Reproducibility is a cornerstone of scientific progress, yet in systems research, it remains a persistent challenge. Over the past five years, the Artifact Evaluation (AE) process at the European Conference on Computer Systems (EuroSys) has aimed to address this challenge head-on. In this blog post, we reflect on what we have learned from organizing AE across five consecutive editions of the conference, share key statistics, and propose a roadmap for the future. An extensive analysis can be found in the full paper that was accepted at ACM REP 2025 [1]. In addition, you can listen to a discussion among some of the authors at an exclusive podcast episode on “Disseminate: The Computer Science Research Podcast” [2].
How Artifact Evaluation Works
At EuroSys, AE is a voluntary process offered to authors of accepted papers. It unfolds in three phases:
- Submission: Authors submit their artifacts and an appendix explaining how to reproduce the main claims of the paper.
- Kick-the-Tires: Reviewers check for basic functionality and flag early issues.
- Evaluation: Reviewers assess the artifact’s completeness, documentation, building process, and ability to reproduce the main claims of the paper.
Each artifact is reviewed by 3–4 evaluators. Authors are able to anonymously interact with the reviewers, and fix any issues that might arise during the process.
The Badges
The AE process of EuroSys awards three badges, as defined by the ACM policies on reproducibility:
- Artifacts Available: The artifact is publicly accessible via a DOI-backed repository.
- Artifacts Evaluated – Functional: The artifact is complete, documented, and works as described.
- Results Validated – Reproduced: The main claims from the paper are independently reproduced.
These badges are evaluated independently and, if awarded, they appear on the first page of the final paper and as metadata on the respective record on the ACM Digital Library.

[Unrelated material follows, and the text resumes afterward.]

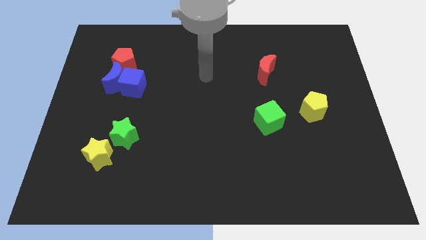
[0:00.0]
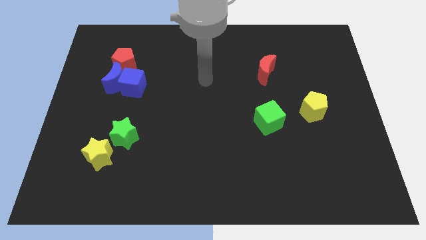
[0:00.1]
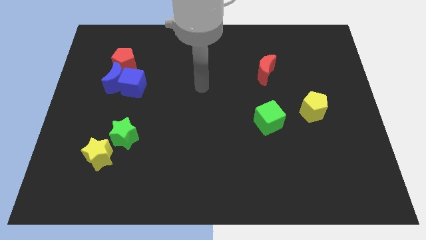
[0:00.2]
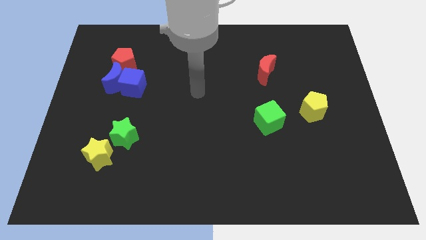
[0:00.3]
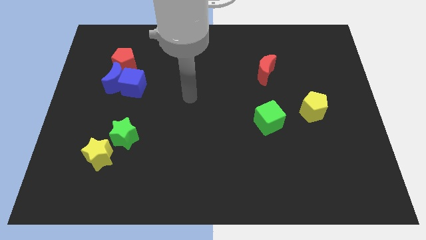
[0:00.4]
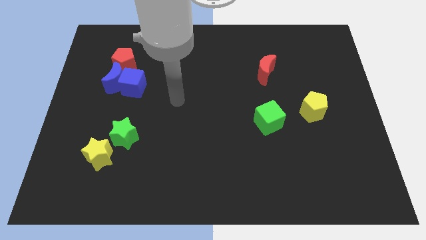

Statistics from 2021-2025 EuroSys AEs
- 161 artifacts awarded the “Artifacts Available” badge
- 136 artifacts deemed “Functional”
- 75 artifacts awarded the “Results Reproduced” badge
- A steady 58% of accepted papers participating in AE annually
- A growing AE committee, peaking at 98 members in 2025, from institutions mostly across Europe, USA, and Asia
Despite this growth, challenges remain.
Six Persistent Challenges
Tight Deadlines
AE is squeezed between paper notification and camera-ready deadlines, providing a limited timeline for in-depth evaluation.
Lack of interaction between paper and artifact review
AE and paper reviews are disjoint, leading to mismatched expectations about what should be reproduced.
Specialized Hardware or infrastructure
Some artifacts require niche or high-performance hardware, complicating reproducibility.
Short-Term Stewardship
AE chairs and reviewers change yearly, with very few repeating reviewers, leading to a loss of transferable knowledge.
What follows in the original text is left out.